Pileup Operator¤
The DifferentiablePileup operator generates soft read pileups for variant calling, aggregating aligned reads into position-wise nucleotide distributions.
Pileup Fully Differentiable
Overview¤
Pileup generation aggregates aligned sequencing reads at each reference position. Unlike traditional pileup tools that produce integer counts, DiffBio's implementation produces continuous distributions that enable gradient flow for end-to-end training.
Quick Start¤
import jax
import jax.numpy as jnp
from diffbio.operators.variant import DifferentiablePileup, PileupConfig
# Configure pileup
config = PileupConfig(
reference_length=100,
use_quality_weights=True
)
# Create operator
pileup_op = DifferentiablePileup(config)
# Prepare data
num_reads = 20
read_length = 30
reads = jax.random.uniform(jax.random.PRNGKey(0), (num_reads, read_length, 4))
reads = jax.nn.softmax(reads, axis=-1) # Soft one-hot
positions = jax.random.randint(jax.random.PRNGKey(1), (num_reads,), 0, 70)
quality = jax.random.uniform(jax.random.PRNGKey(2), (num_reads, read_length), 10, 40)
# Generate pileup
data = {"reads": reads, "positions": positions, "quality": quality}
result, _, _ = pileup_op.apply(data, {}, None)

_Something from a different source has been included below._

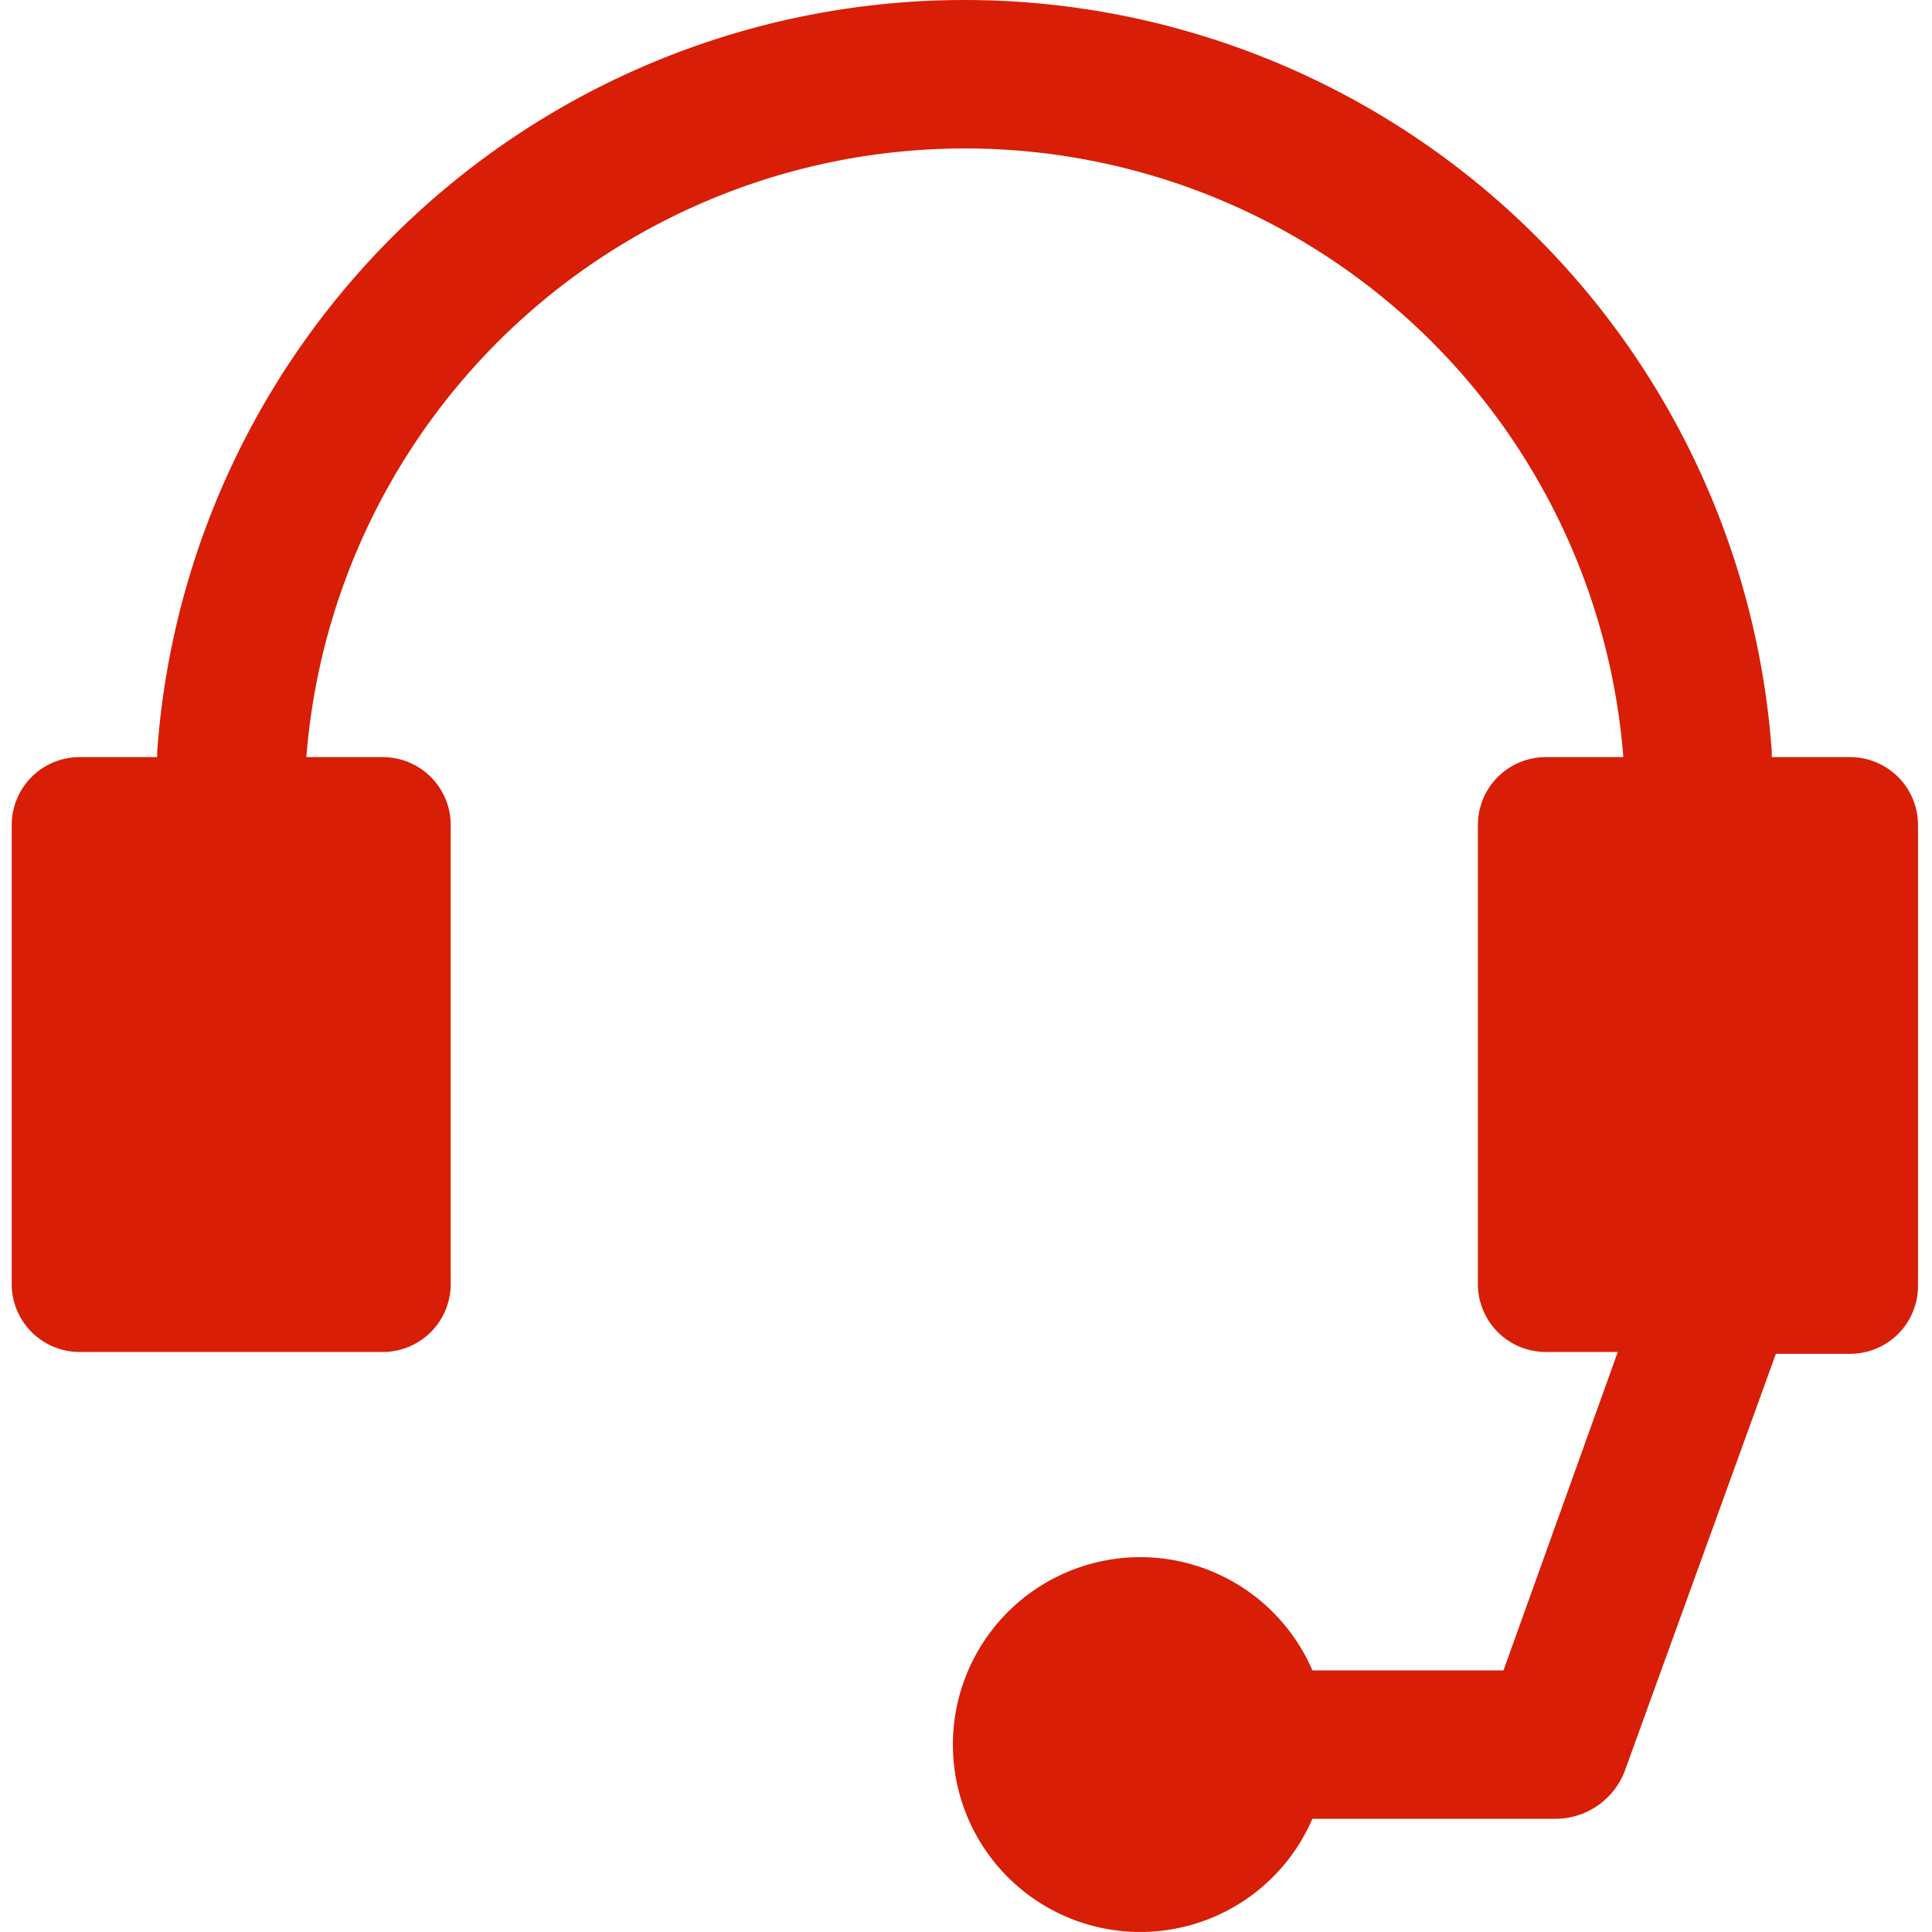 <svg xmlns="http://www.w3.org/2000/svg" xmlns:xlink="http://www.w3.org/1999/xlink" class="icon" viewBox="0 0 1024 1024" width="200" height="200"><path d="M980.587 401.281h-41.501v-2.754a428.973 428.973 0 0 0-855.782 0v2.754H42.197A35.994 35.994 0 0 0 6.203 437.275v243.301a35.994 35.994 0 0 0 35.994 35.994H202.889a35.994 35.994 0 0 0 35.994-35.994V437.275A35.994 35.994 0 0 0 202.889 401.281H162.372a350.102 350.102 0 0 1 698.04 0h-41.107a35.994 35.994 0 0 0-35.994 35.994v243.301a35.994 35.994 0 0 0 35.994 35.994h38.157L796.882 885.326h-101.293a99.327 99.327 0 1 0 0 78.675h128.83a39.337 39.337 0 0 0 36.977-25.963l79.855-220.485h39.337a35.994 35.994 0 0 0 35.994-35.994V437.275a35.994 35.994 0 0 0-35.994-35.994z" fill="#d81e06"></path></svg>

print(f"Pileup shape: {result['pileup'].shape}") # (100, 4)
Configuration¤
PileupConfig¤
| Parameter | Type | Default | Description |
|---|---|---|---|
reference_length |
int | 100 | Length of reference sequence |
use_quality_weights |
bool | True | Weight bases by quality scores |
return_coverage |
bool | False | Include soft coverage as an extra output |
return_quality |
bool | False | Include mean-quality channel as an extra output |
apply_softmax |
bool | True | Normalize base channels into distributions |
stochastic |
bool | False | Whether operator uses randomness |
from diffbio.operators.variant import PileupConfig
config = PileupConfig(
reference_length=10000, # Must match your reference
use_quality_weights=True, # Recommended for quality-aware pileup
return_coverage=True, # Emit soft coverage channel
return_quality=True, # Emit mean-quality channel
)
API Reference¤
DifferentiablePileup¤
class DifferentiablePileup(OperatorModule):
def __init__(
self,
config: PileupConfig,
*,
rngs: nnx.Rngs | None = None,
name: str | None = None,
):
"""Initialize differentiable pileup generator.
Args:
config: Pileup configuration
rngs: Random number generators (optional)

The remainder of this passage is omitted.